Excerpts from a dataset
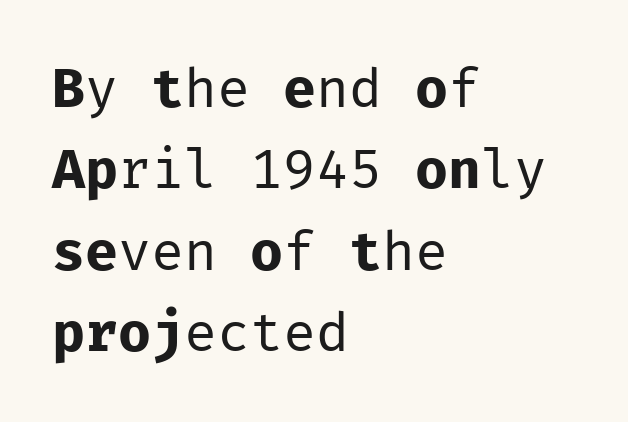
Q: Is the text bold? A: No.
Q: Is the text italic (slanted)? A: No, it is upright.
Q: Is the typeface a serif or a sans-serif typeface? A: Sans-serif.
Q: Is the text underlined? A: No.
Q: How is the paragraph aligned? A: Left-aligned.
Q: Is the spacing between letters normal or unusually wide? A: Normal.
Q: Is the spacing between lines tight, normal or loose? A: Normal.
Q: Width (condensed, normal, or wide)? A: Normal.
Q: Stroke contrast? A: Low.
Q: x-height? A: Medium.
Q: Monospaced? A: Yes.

TASK INSTRUCTIONS: Nothing but the lines from the one with "Q: Is the spacing between lines" through the final line of the data above should be output, exactly as written.

EXERCISE ANSWER:
Q: Is the spacing between lines tight, normal or loose? A: Normal.
Q: Width (condensed, normal, or wide)? A: Normal.
Q: Stroke contrast? A: Low.
Q: x-height? A: Medium.
Q: Monospaced? A: Yes.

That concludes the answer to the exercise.